Desmontaron la aldea, derribando las paredes de adobe, las casas comunales, reduciéndolas a polvo. Recogieron las cosechas que pudieron. Entre los consejeros no faltaban quienes estaban indignados.
El tren perpetuo, a pesar de las ampliaciones llevadas a cabo con aquella extraña colección de materiales que les proporcionaba la tierra, sus vagones de madera y mineral, no podía albergar a todos los consejeros. De nuevo habría centenares de seguidores, nómadas en pos del camino del tren. Unos pocos no irían. Algunos se marcharon a las colinas o se empeñaron en quedarse allí, en aquella tierra civilizada, como campesinos, rodeados por los rastros de la vía que ya no estaba.

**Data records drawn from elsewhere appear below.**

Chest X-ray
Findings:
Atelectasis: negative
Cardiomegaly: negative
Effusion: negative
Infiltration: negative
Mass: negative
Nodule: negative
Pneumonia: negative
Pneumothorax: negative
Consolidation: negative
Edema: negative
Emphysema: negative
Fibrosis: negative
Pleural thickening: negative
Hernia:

—Moriréis —les dijo Judah— cuando lleguen. —Y ellos respondieron con baladronadas y exhibiciones de valor. No serviría de nada, pensó Cutter, cuando la milicia de Nueva Crobuzón, sus pelotones más poderosos y mejor armados, aparecieran en el lugar en el que esperaban encontrar a su presa y se encontraran en su lugar a cincuenta viejos campesinos. Los contempló, sabiéndolos muertos.
Puede que os maten con rapidez
.
Cutter no sabía si Ann-Hari y Judah eran amantes, pero sin duda se amaban de una manera profunda y sencilla. Estaba celoso, sí, pero no más que de cualquier otra de las personas a las que amaba Judah. Estaba acostumbrado a no ser correspondido.
Judah pasó con Ann-Hari la noche antes de que el Consejo de Hierro abandonara el santuario de las praderas. Cutter estuvo solo, abrazándose y recordando la noche que había jugueteado con el joven fornido.
Al día siguiente se reunieron: allí estaba Cutter, en los lindes de aquella tierra donde la hierba salvaje sucumbía al paso del tren y de los granjeros. Y allí estaba el musculoso Pomeroy, moviendo el arma en el aire como si fuera una guadaña y Elsie, con el brazo alrededor de su cintura, y Drogon, con su sombrero de ala ancha, llevando de la brida la montura que había conseguido de los criadores de caballos del Consejo de Hierro, moviendo los labios sin que Cutter supiera muy bien a quién le hablaba, y allí estaba el temblor de la hierba, que anunciaba el paso de Qurabin por sendas secretas reveladas por voluntad de su pequeño y extraño dios, y por delante de todos, cogidos del brazo, Ann-Hari y Judah Low, investigados por los insectos matutinos.
Tras ellos venía el Consejo de Hierro. Pronto formarían una línea, empezarían a tender las vías, a partir la roca y a avanzar serpenteando entre los bloques de arenisca de las tierras bajas, pero por el momento se limitaban a caminar. La elipse de hierro estaba desplegándose una vez más y los consejeros volvían a ser peones ferroviarios. Y exploradores, y aguadores, cazadores y niveladores, pero por encima de todo, peones, que iban desplegando los lindes de su propio pueblo, desmontándolos y volviendo a desplegarlos en línea recta, regresando por una tierra que aún exhibía el tenue rastro de su llegada.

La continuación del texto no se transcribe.